The first annual Copenhagen Democracy Summit took place in Copenhagen on July 22, 2018. Among those who attended were the then-Danish Prime Minister Lars Løkke Rasmussen, Joe Biden, Tony Blair, Stephen Harper, Felipe Calderón, José María Aznar, and Toomas Ilves. A total of 350 participants attended from over 40 countries. One of the publications released at the conference concluded that people's trust in government is lower in democracies than in non-democratic states.

The 2020 Copenhagen Democracy Summit included an intervention by then US Secretary of State Michael Pompeo, former US Secretaries of State John Kerry and Madeleine Albright and the President of Taiwan Tsai Ing-wen. In 2021, Zuzana Čaputová, President of Slovakia spoke arguing that democracy needs three basic lines of defence - independent institutions with responsible public officials, active civil society and free media. The 2022 Democracy Summit was closed by former United States President Barack Obama and addressed by Lithuania Prime Minister Ingrida Šimonytė, European Parliament President Roberta Metsola, and Ukraine President Volodymyr Zelenskyy. In 2023, speakers included the newly elected President of the Czech Republic Petr Pavel, Estonia Prime Minister Kaja Kallas, Ukraine President Volodymyr Zelenskyy, NATO Secretary General Jens Stoltenberg, former United Kingdom Prime Minister Liz Truss, and Belarus political activist Sviatlana Tsikhanouskaya.

The 2024 Copenhagen Democracy Summit took place between 14 and 15 May and included Prime minister of Armenia Nikol Pashinyan, President of Ghana Nana Akufo-Addo, President of Kosovo Vjosa Osmani, former United States Secretary of State Hillary Clinton, Prime Minister of Denmark Mette Frederiksen, President of the European Council Charles Michel, President of the European Commission Ursula von der Leyen, among others.
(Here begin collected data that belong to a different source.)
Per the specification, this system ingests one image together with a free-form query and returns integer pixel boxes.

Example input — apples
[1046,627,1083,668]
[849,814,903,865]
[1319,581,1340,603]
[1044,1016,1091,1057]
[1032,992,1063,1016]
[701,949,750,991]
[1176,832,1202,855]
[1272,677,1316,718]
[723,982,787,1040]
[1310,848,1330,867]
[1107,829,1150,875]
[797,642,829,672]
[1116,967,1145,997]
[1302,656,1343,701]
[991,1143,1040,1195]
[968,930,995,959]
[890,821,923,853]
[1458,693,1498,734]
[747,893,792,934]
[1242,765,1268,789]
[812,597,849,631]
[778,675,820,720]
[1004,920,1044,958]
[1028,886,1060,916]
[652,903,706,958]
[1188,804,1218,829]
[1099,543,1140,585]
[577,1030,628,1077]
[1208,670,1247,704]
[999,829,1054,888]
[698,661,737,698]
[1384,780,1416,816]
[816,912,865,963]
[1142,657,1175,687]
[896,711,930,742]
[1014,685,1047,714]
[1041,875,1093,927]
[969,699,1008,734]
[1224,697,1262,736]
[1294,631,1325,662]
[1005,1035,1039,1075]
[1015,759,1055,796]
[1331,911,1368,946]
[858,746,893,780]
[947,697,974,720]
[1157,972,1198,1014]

==The Expeditionary Economics Program==
The Expeditionary Economics Program is rooted in Cold War efforts by the United States to strengthen post-war Europe and create a better economic model than the communist one offered by the Soviet Union. The program supports entrepreneurial projects in developing states, emerging democracies, and post-conflict areas for the purpose of strengthening democracy in fragile states by developing a local economic base.
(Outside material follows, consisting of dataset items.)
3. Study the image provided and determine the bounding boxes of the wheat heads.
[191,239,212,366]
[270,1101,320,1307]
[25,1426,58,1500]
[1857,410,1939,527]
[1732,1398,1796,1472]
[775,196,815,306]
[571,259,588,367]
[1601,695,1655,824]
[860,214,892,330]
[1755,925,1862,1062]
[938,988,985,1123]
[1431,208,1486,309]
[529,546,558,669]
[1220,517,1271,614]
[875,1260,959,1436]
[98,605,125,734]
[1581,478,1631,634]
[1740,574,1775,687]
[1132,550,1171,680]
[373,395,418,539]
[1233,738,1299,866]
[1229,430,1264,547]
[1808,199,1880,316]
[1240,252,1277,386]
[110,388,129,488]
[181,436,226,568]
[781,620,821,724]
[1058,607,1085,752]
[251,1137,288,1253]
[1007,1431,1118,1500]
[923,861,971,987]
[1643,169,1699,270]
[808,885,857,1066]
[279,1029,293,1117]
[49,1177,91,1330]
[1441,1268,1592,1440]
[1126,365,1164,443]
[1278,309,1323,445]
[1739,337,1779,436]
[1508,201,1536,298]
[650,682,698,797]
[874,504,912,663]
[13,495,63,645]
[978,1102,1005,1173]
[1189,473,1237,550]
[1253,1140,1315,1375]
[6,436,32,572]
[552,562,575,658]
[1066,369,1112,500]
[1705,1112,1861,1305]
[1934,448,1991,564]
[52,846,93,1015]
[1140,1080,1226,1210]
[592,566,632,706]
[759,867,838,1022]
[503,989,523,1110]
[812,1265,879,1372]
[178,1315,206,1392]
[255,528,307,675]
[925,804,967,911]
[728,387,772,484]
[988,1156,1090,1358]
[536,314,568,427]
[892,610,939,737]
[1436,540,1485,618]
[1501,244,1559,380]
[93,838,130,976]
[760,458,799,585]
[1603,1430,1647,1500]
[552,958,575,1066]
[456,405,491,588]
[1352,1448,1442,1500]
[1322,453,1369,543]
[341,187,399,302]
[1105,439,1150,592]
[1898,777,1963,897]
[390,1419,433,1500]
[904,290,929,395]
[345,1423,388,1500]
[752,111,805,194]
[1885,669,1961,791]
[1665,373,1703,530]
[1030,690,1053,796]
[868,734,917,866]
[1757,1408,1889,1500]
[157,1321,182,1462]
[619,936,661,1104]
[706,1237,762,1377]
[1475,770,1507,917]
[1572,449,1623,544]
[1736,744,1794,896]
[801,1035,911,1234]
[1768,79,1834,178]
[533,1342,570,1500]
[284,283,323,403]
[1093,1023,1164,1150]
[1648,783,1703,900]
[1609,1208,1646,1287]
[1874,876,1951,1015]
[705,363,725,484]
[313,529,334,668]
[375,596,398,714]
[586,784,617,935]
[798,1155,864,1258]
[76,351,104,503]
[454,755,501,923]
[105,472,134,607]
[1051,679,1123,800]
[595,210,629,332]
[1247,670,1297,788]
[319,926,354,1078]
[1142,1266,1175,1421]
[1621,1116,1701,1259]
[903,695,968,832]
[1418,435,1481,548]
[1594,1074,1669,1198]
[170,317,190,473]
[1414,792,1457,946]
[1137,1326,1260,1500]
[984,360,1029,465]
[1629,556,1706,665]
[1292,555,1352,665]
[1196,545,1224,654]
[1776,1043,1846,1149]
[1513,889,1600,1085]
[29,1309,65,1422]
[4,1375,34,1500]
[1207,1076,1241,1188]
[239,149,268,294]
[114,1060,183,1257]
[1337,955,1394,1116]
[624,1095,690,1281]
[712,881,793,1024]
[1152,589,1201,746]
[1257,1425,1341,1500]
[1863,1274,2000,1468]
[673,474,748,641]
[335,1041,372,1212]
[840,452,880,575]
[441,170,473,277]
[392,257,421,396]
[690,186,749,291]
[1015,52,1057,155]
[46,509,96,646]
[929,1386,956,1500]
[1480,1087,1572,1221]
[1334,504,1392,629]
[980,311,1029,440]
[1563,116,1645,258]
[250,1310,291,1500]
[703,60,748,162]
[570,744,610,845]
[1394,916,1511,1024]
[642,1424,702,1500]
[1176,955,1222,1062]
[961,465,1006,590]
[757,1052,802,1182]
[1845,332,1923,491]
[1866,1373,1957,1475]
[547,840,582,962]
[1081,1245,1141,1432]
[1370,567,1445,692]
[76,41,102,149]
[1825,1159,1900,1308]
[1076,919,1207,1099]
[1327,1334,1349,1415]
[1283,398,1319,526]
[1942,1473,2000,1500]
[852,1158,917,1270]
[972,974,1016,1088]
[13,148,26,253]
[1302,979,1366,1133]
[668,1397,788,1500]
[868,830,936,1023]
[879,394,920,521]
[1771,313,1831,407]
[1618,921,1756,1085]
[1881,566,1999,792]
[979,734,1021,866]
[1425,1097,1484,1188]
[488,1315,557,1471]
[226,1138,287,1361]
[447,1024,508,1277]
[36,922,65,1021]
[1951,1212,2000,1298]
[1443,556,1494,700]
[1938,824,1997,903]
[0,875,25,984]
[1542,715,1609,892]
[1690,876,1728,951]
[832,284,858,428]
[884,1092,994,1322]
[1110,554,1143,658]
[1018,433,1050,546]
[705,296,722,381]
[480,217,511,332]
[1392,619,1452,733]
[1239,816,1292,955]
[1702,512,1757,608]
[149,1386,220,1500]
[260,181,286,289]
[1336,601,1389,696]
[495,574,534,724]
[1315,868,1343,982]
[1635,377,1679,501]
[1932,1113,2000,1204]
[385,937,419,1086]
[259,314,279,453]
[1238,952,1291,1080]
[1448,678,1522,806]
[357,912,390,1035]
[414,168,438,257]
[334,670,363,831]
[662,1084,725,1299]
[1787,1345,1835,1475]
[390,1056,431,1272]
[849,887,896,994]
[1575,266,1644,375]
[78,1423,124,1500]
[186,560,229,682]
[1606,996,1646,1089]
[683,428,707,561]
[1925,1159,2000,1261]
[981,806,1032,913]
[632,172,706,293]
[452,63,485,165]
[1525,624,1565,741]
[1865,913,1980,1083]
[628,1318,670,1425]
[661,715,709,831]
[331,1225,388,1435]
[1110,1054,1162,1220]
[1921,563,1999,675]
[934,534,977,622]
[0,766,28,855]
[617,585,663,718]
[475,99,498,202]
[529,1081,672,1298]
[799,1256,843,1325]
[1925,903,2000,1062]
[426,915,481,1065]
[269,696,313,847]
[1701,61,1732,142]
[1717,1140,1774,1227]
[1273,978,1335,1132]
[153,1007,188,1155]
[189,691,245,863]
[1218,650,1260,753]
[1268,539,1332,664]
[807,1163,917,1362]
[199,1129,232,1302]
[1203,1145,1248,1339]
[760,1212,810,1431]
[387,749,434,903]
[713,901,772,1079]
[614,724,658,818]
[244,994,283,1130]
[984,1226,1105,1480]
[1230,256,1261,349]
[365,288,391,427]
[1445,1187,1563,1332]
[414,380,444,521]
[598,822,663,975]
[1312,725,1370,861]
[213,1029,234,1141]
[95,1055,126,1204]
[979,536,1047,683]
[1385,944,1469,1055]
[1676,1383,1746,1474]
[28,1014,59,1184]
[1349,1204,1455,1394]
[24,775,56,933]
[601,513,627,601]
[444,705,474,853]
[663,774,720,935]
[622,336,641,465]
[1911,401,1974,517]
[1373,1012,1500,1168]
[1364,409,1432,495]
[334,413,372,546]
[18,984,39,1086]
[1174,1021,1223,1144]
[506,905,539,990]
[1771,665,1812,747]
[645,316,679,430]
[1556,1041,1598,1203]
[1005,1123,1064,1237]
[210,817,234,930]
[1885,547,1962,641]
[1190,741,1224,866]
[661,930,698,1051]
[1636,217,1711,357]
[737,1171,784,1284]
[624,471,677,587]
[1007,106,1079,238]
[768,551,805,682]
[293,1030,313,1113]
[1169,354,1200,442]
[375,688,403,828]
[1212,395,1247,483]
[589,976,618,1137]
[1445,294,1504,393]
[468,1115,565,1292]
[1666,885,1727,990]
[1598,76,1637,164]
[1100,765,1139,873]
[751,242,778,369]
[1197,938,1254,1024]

==The Campaign for Democracy==
The Campaign for Democracy seeks to connect supporters of democracy across the world and build an intellectual movement for democracy through a network of local associations, online presence, media engagement, and support for dissidents.

On the sidelines of the 2018 Copenhagen Democracy Summit Anders Fogh Rasmussen together with Michael Chertoff launched the Transatlantic Commission on Election Integrity, which has Joe Biden, Nick Clegg, Toomas Ilves, and Felipe Calderón among its members. The commission is tasked with bolstering the defences of Western democracies against outside interference.

==Democracy Perception Index==

Working with the polling firm Dalia research or the brand research firm Latana, the Alliance has since 2018 published reports on how democracy is perceived in 50 countries around the world.

==Funding==
In 2023, AoD stated it was principally "funded by private sponsors, governments and individuals." It credited 56 organisations and companies as current and former supporters. The list included Atlantic Council, George W. Bush Institute, European Endowment for Democracy, Freedom House, International Republican Institute, National Democratic Institute, Taiwan Foundation for Democracy and The Chicago Council on Global Affairs.